In the studied profiles, Habrotrocha variability did not overlap with visible lithological changes in the sediment sequences. In the Imszar and Grel peatlands, the occurrence of rotifers was mainly limited to ombrogenic peat; however, they appear only in 45–50% of the samples. In contrast, in the Podemszczyzna peatland Habrotrocha occur in moderately and strongly decomposed sedge peat.

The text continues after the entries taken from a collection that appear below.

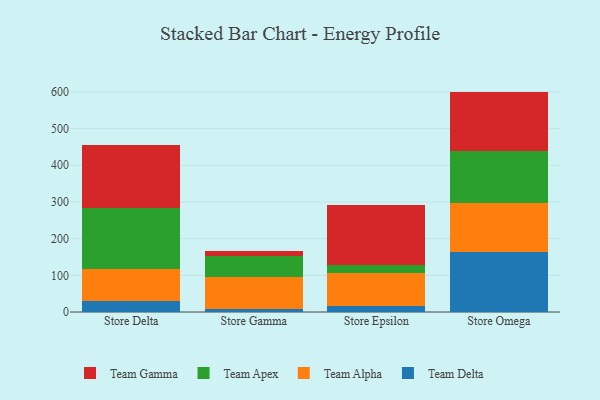
{"axis": {"x": "Store", "y": "Production Output"}, "legend": ["Team Alpha", "Team Apex", "Team Delta", "Team Gamma"], "data": [{"x": "Store Delta", "y": 30.2, "type": "Team Delta"}, {"x": "Store Delta", "y": 88.0, "type": "Team Alpha"}, {"x": "Store Delta", "y": 165.5, "type": "Team Apex"}, {"x": "Store Delta", "y": 171.1, "type": "Team Gamma"}, {"x": "Store Gamma", "y": 8.2, "type": "Team Delta"}, {"x": "Store Gamma", "y": 87.9, "type": "Team Alpha"}, {"x": "Store Gamma", "y": 56.9, "type": "Team Apex"}, {"x": "Store Gamma", "y": 12.2, "type": "Team Gamma"}, {"x": "Store Epsilon", "y": 15.8, "type": "Team Delta"}, {"x": "Store Epsilon", "y": 91.1, "type": "Team Alpha"}, {"x": "Store Epsilon", "y": 20.0, "type": "Team Apex"}, {"x": "Store Epsilon", "y": 163.8, "type": "Team Gamma"}, {"x": "Store Omega", "y": 162.8, "type": "Team Delta"}, {"x": "Store Omega", "y": 133.4, "type": "Team Alpha"}, {"x": "Store Omega", "y": 143.6, "type": "Team Apex"}, {"x": "Store Omega", "y": 161.1, "type": "Team Gamma"}]}
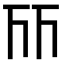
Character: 𠀞
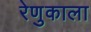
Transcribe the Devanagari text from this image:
रेणुकाला
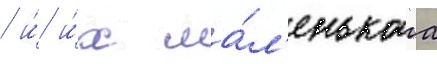
/ и́ и́х ма́л'енькаа
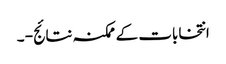
انتخابات کے ممکنہ نتائج - ۔
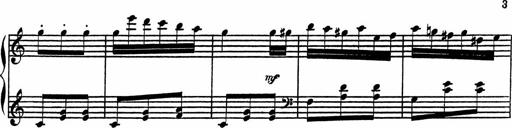
Title: 4 Piano Sonatinas
Composer: Adam Geibel
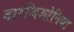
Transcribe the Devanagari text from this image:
टारजिओनिया
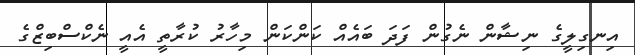
އިނގިލީގެ ނިޝާން ނެގުން ފަދަ ބައެއް ކަންކަން މިހާރު ކުރާތީ އެއީ ނެކްސްބިޒްގެ
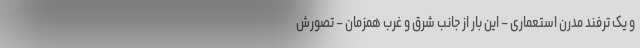
و یک ترفند مدرن استعماری – این بار از جانب شرق و غرب همزمان – تصورش
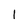
Character: 1
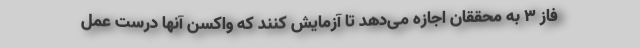
فاز ۳ به محققان اجازه می‌دهد تا آزمایش کنند که واکسن آنها درست عمل
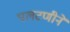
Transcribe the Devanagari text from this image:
पलटणीने
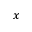
x
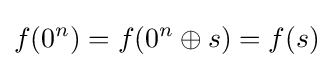
f(0^{n})=f(0^{n}\oplus s)=f(s)
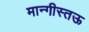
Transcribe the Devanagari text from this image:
मान्गीस्तऊ
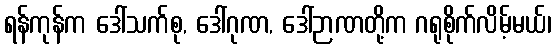
ရန်ကုန်က ဒေါ်သက်စု, ဒေါ်ဂုဏ, ဒေါ်ဉာဏတို့က ဂရုစိုက်လိမ့်မယ်၊
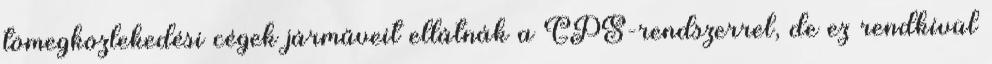
tömegközlekedési cégek járműveit ellátnák a GPS-rendszerrel, de ez rendkívül
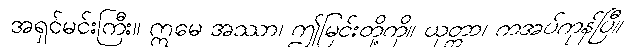
အရှင်မင်းကြီး။ ဣမေ အဿာ၊ ဤမြင်းတို့ကို။ ယုတ္တာ၊ ကအပ်ကုန်ပြီ။
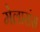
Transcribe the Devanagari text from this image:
मेलारांस
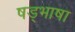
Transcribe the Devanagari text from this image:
षड्भाषा
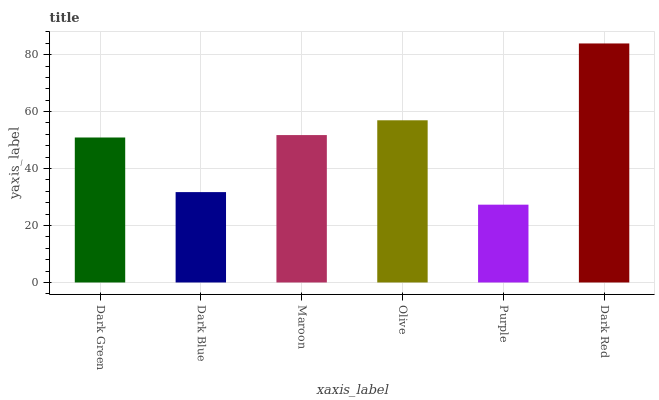
| xaxis_label | bars |
 | --- | --- |
 | Dark Green | 50.9 |
 | Dark Blue | 31.7 |
 | Maroon | 51.8 |
 | Olive | 56.9 |
 | Purple | 27.3 |
 | Dark Red | 83.9 |
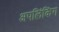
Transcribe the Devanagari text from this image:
अपलिंकिंग
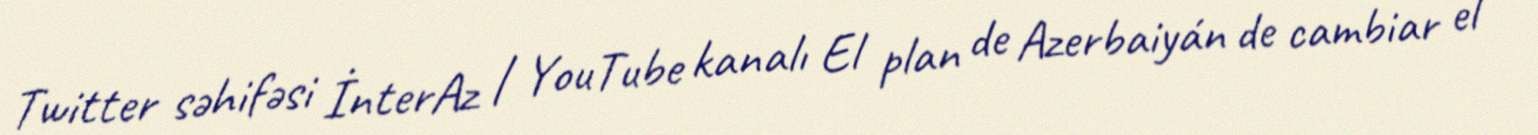
Twitter səhifəsi İnterAz | YouTube kanalı El plan de Azerbaiyán de cambiar el
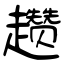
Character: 趱
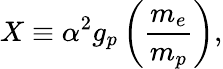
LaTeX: X\equiv\alpha^{2}g_{p}\left(\frac{m_{e}}{m_{p}}\right),
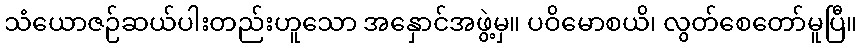
သံယောဇဉ်ဆယ်ပါးတည်းဟူသော အနှောင်အဖွဲ့မှ။ ပဝိမောစယိ၊ လွတ်စေတော်မူပြီ။
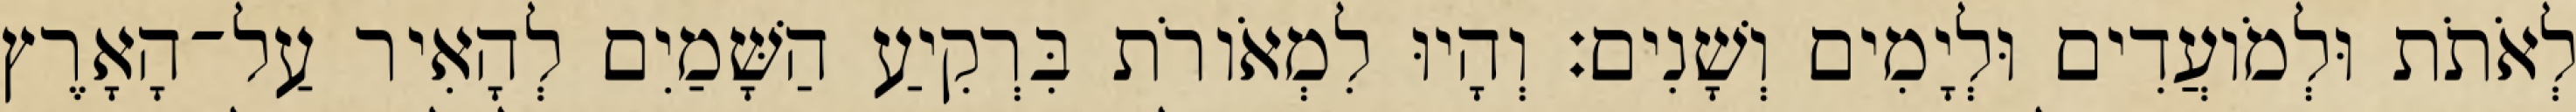
לְאֹתֹת וּלְמֹועֲדִים וּלְיָמִים וְשָׁנִים׃ וְהָיוּ לִמְאֹורֹת בִּרְקִיעַ הַשָּׁמַיִם לְהָאִיר עַל־הָאָרֶץ
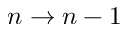
n \rightarrow n - 1
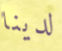
لدينا
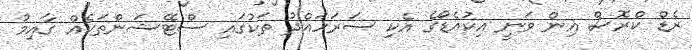
ރެޑް ކްރޮސް އިން ވަނީ އިކުއެޑޯގެ އެކި ސަރަހައްދު ތަކުގައި ސްޓޭޝަންތަކެއް ގާއިމު
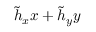
\tilde { h } _ { x } x + \tilde { h } _ { y } y
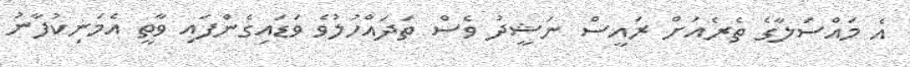
އެ މައްސަލާގެ ތެރެއަށް ރައީސް ނަޝީދު ވެސް ތަދައްހުލުވެ ވަޑައިގެންފައި ވާތީ އެމަނިކުފާނު
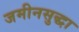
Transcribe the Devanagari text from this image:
जमीनसुद्धा
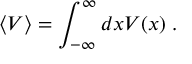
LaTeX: \left< V \right> = \int _ { - \infty } ^ { \infty } d x V ( x ) \; .
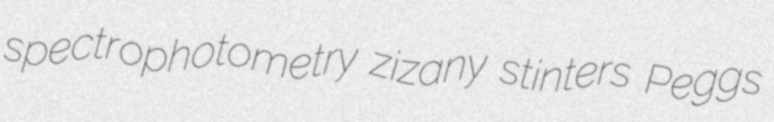
spectrophotometry zizany stinters Peggs
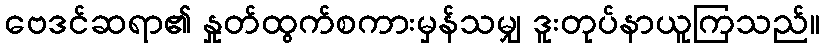
ဗေဒင်ဆရာ၏ နှုတ်ထွက်စကားမှန်သမျှ ဒူးတုပ်နာယူကြသည်။
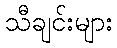
သီချင်းများ
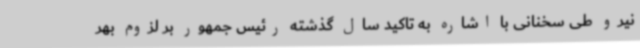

The occurrence of Rotifera in the investigated peatland sediments was correlated with stable redox condition (low Fe/Mn ratio values) and moderate and stable Na/K ratios, which points to periods of higher evapotranspiration without a higher water level and delivery of allochtonous material from the surrounding area as well as a moderate and fairly stable content of all main and trace elements. Palynological analysis of both profiles showed no correlation of rotifers and local vegetation changes (especially with Sphagnum and water plants).

In all profiles, Rotifera occurred between extreme climatic events (wet, dry, cold, warm) recorded in the Northern Hemisphere. In relation to paleoclimatic changes in the Northern Hemisphere, rotifers occurred between wet and dry events and also between cold and warm climatic events. It seems that rotifers preferred stable climatic conditions in the past (Fig. 5).

Multi-proxy analysis of peat deposits and peat stratigraphy are effective in the documentation and reconstruction of periods of dryness and, generally, fluctuation of climate humidity.

The study of subfossil rotifers supported by multi-proxy analysis of peat deposits could be a potential proxy for the indication of periods with stable paleohydrological and palaeoecological conditions (Fig. 5).

The fossil biota including rotifers remains might provide information about changes caused by climate change and human activity.